Dans son arrêt N°2013-06/CC-EP du 20 août 2013 de proclamation des résultats définitifs du second tour de l’élection présidentielle du 11 août 2013 ayant consacré l’élection de Ibrahim Boubacar Keita comme Président de la République, face à son challenger Soumaïla Cissé, la Cour constitutionnelle du Mali a tiré les conséquences de l’article 37 de la Constitution du 25 févier 1992. Ce texte précise que «le Président de la République élu entre en fonction quinze jours après la proclamation officielle des résultats».
Cette proclamation étant intervenue le 20 août 2013, la Cour a fort justement fixé non pas la date de prestation de serment du nouveau Président de la République, ce qui n’est pas de sa compétence, mais le point de départ du mandat de «Monsieur Ibrahim Boubacar Keïta … pour compter du 4 septembre 2013 à 00 heure».
La date du 04 septembre 2013 est plus le point de départ du nouveau mandat de cinq (5) années à venir que celle de l’entrée officielle en fonction du Président de la République élu. Cette dernière étape ne sera consacrée que par la cérémonie de prestation de serment. La prestation de serment est également prévue par la Constitution précitée, plus précisément par les dispositions de l’article 37 qui précisent que l’entrée en fonction du Président de la République élu est précédée par la prestation de serment par «devant la Cour Suprême». Les termes de cette prestation sont les suivants : «Je jure devant Dieu et le peuple malien de préserver en toute fidélité le régime républicain, de respecter et de faire respecter la Constitution et la Loi, de remplir mes fonctions dans l’intérêt supérieur du peuple, de préserver les acquis démocratiques, de garantir l’unité nationale, l’indépendance de la patrie et l’intégrité du territoire national.
Je m’engage solennellement et sur l’honneur à mettre tout en œuvre pour la réalisation de l’unité africaine».
C’est en effet cette prestation de serment qui marque le point de départ de l’entrée officielle en fonction du Président de la République.

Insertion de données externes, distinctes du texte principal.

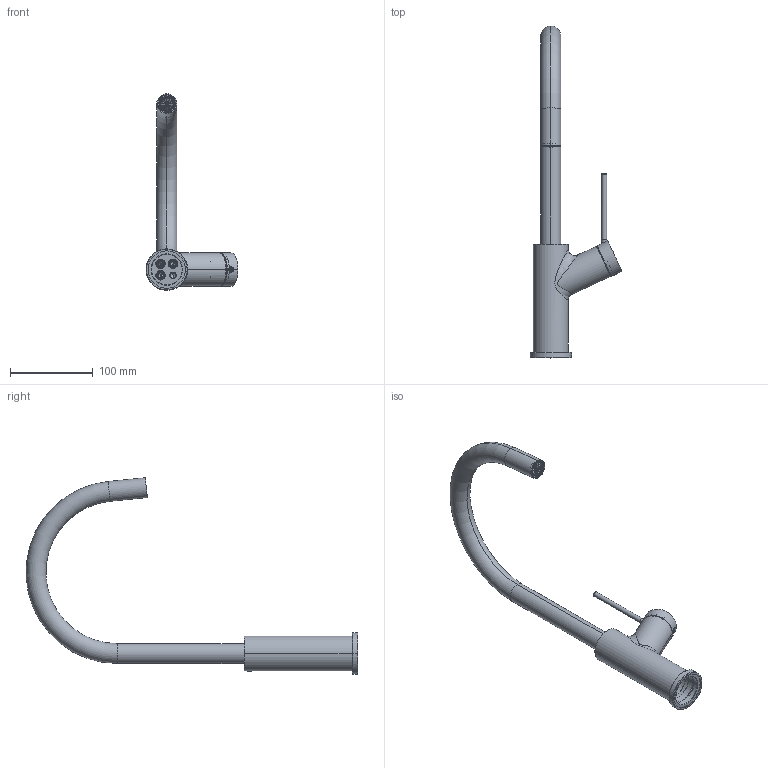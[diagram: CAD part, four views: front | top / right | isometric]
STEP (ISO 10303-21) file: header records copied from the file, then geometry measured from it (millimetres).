
FILE_DESCRIPTION((''),'2;1');
FILE_NAME('400403NDR1_ASM_ASM','2024-11-27T09:41:51',('sruga'),('Armando Vicario'),'CREO PARAMETRIC BY PTC INC, 2021404','CREO PARAMETRIC BY PTC INC, 2021404','');
FILE_SCHEMA(('CONFIG_CONTROL_DESIGN'));
Length unit declared in the file: millimetre
Products named in the file (24): 01000220_1; 05000004_AF0_1_1; 16003251_ASM_1_ASM; 02000256_1; 11000167_A_1_1; 11000167_A_1_2; 11000167_A_1_ASM; 11033906_D_1_1; 11000167_ASM_1_ASM; 16003260_ASM_1_ASM; 16003253_ASM_1_ASM; 12000364_1; 16001284_ASM_1_ASM; 12053901_1; 16000181_ASM_1_ASM; 03000123_1; 12056801_1; 06022007_1_1; 16000657_ASM_1_1_ASM; 05000004_1; 16000141_ASM_1_ASM; 16001279_ASM_1_ASM; 400403NDR1_ASM_1_ASM; 400403NDR1_ASM_ASM
Assembly tree (23 placements, depth 7):
  400403NDR1_ASM_ASM
    400403NDR1_ASM_1_ASM
      16003251_ASM_1_ASM
        01000220_1
        05000004_AF0_1_1
      16003253_ASM_1_ASM
        02000256_1
        16003260_ASM_1_ASM
          11000167_ASM_1_ASM
            11000167_A_1_ASM
              11000167_A_1_1
              11000167_A_1_2
            11033906_D_1_1
      16001284_ASM_1_ASM
        12000364_1
      16000181_ASM_1_ASM
        12053901_1
      16001279_ASM_1_ASM
        03000123_1
        12056801_1
        16000657_ASM_1_1_ASM
          06022007_1_1
        16000141_ASM_1_ASM
          05000004_1
Bounding box: 110.78 x 399.96 x 236.94 mm (x, y, z)
Volume: 210276.8 mm3; surface area: 137898.6 mm2
Topology: 12 solids, 25 shells, 707 faces, 1844 edges, 1126 vertices
Faces by surface type: cylinder 292, plane 176, cone 93, torus 68, bspline 42, sphere 36
Entity records: 25886 total; most frequent: CARTESIAN_POINT 8049, DIRECTION 3947, ORIENTED_EDGE 3512, EDGE_CURVE 1786, AXIS2_PLACEMENT_3D 1642, VERTEX_POINT 1124, CIRCLE 897, EDGE_LOOP 780

Mais avant cette formalité, celui-ci ne peut pas et ne doit accomplir aucune prérogative ou exercer aucun pouvoir de sa fonction sans que les actes qu’il prend ne soient menacés d’annulation par la suite. Ce cas de figure ne s’est pas encore produit en pratique dans notre pays. Mais au Bénin, oui.
En effet, le Président Boni YAYI avait pris le risque de promulguer des lois qui avaient été votées avant qu’il ne soit élu et bien avant qu’il ne prête serment. Tous les actes qu’il a pris dans ce cadre ont été jugés anticonstitutionnels en des termes on ne peut plus précis de la haute juridiction béninoise: « …M. Boni YAYI, qui a été proclamé élu président de la République par la Cour, a prêté serment le 06 avril 2006 ; … il s’ensuit que le 05 avril 2006, M. Boni YAYI n’était pas encore entré en fonction et ne pouvait donc à cette date signer un acte de promulgation d’une loi ».
D’ailleurs, c’est après la cérémonie d’investiture et dans un délai de 48 heures que le Président de la Cour Suprême du Mali devra recevoir publiquement la déclaration écrite des biens du nouveau Président de la République. Cette déclaration devrait, par la suite, faire l’objet d’une mise à jour annuelle.
Au plan pratique et par rapport à notre pays, la mise en œuvre de cette entrée en fonction se fait en deux temps. D’abord, le 04 septembre, par la cérémonie de passation de services entre l’ancien et le nouveau président, précédé de la démission du gouvernement de transition ; Ensuite, la cérémonie d’investiture à proprement parler et la prestation de serment du nouveau Président de la République, ce qui n’est pas sans conséquences pour la poursuite des affaires publiques en termes de continuité de l’Etat. En effet, durant cette période d’attente et de vide institutionnel, aucune prérogative présidentielle du genre promulgation des lois votées par le parlement ou nomination à des hautes fonctions publiques (civiles ou militaires), pour ne citer que celles-ci, ne pourrait véritablement trouver à s’appliquer. C’est là qu’il faut attirer l’attention sur cette fâcheuse situation, née du mauvais réglage juridico-institutionnel du cadre du gouvernement de transition : la disparition du parlement actuel avec le gouvernement de transition, dans la mesure où les institutions républicaines ne s’étaient maintenues au delà de leurs termes que pour assurer la transition constitutionnelle et institutionnelle, laissera un vide au plan institutionnel.
Du coup, en l’absence de parlement et de Premier ministre en fonction, les dispositions de l’article 36 de la Constitution trouveraient quelque mal à s’appliquer.
Or, le texte précité indique qu’en cas d’empêchement du Président de la République, momentanément ou durablement, «ses pouvoirs sont provisoirement exercés par le Premier Ministre» ou «par le Président de l’Assemblée Nationale».